Artykuły

Śpiewa, bo musi (i lubi)

To był dla Jacka Wójcickiego niezwykle pracowity wieczór; nie tylko wyśpiewał repertuar składający się na pełen recital, ale i sam sobie wręczał prezenty. Benefis był to nietypowy, zorganizowany w przeddzień 49. urodzin, a i rocznice artystyczne były nieokrągłe; włącznie z tą związaną z przybyciem aktora do Piwnicy pod Baranami - relacjonuje Wacław w Krupiński w Dzienniku Polskim.

To był dla Jacka Wójcickiego niezwykle pracowity wieczór; nie tylko wyśpiewał repertuar składający się na pełen recital, ale i sam sobie wręczał prezenty.
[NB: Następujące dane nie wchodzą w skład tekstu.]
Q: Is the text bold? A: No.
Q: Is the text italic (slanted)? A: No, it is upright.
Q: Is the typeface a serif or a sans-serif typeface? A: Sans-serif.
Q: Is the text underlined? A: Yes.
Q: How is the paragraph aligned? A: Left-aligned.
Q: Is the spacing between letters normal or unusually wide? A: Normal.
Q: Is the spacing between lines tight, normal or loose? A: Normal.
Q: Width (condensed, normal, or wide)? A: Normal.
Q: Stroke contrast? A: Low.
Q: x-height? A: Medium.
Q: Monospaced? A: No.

Benefis był to nietypowy, zorganizowany w przeddzień 49. urodzin, a i rocznice artystyczne były nieokrągłe; włącznie z tą związaną z przybyciem aktora do Piwnicy pod Baranami. I właśnie grono piwniczan pomogło mu ów benefis przygotować - z Markiem Pacułą na czele, który z wielkim wdziękiem ożywiał swój scenariusz jako prowadzący spotkanie, w czym wspierał go Jakub Kosiniak.

Ale naturalnie postacią numer 1 wieczoru był Jacek Wójcicki, śpiewający nie tylko solo i w duetach, i nawet nie tylko za siebie, ale i za chorego Zbigniewa Wodeckiego. Do tego dochodziły nagrania sprzed lat - z chóru chłopięcego Filharmonii Krakowskiej, z filmu "Ostatni dzwonek", jak i z kabaretu Piotra Skrzyneckiego. Wybrał na ten wieczór aktor ze swego repertuaru dawne piosenki nie tylko piwniczne, włoskie przeboje jak "Caruso" ("O sole mio" usłyszeliśmy z ekranu) i "Titinę", i przeboje Franka Sinatry, i niegdysiejszy hit piwniczny "Koniew", wykonany z Anną Szałapak, Beatą Rybotycką, Zbigniewem Preisnerem, i wiele innych... Na koniec tekstem przeboju Skaldów wyznał Jacek Wójcicki "Śpiewam, bo muszę"; że bardzo lubi mówił przedwczoraj na naszych łamach. Ponadto śpiewali Anna Szałapak (solo i ze Zbigniewem Preisnerem), Beata Rybotycka (solo i z beneficjentem), a także Andrzej Sikorowski, a muzycznie oprawiali całość m.in. Halina Wyrodek, Konrad Mastyło i Michał Półtorak.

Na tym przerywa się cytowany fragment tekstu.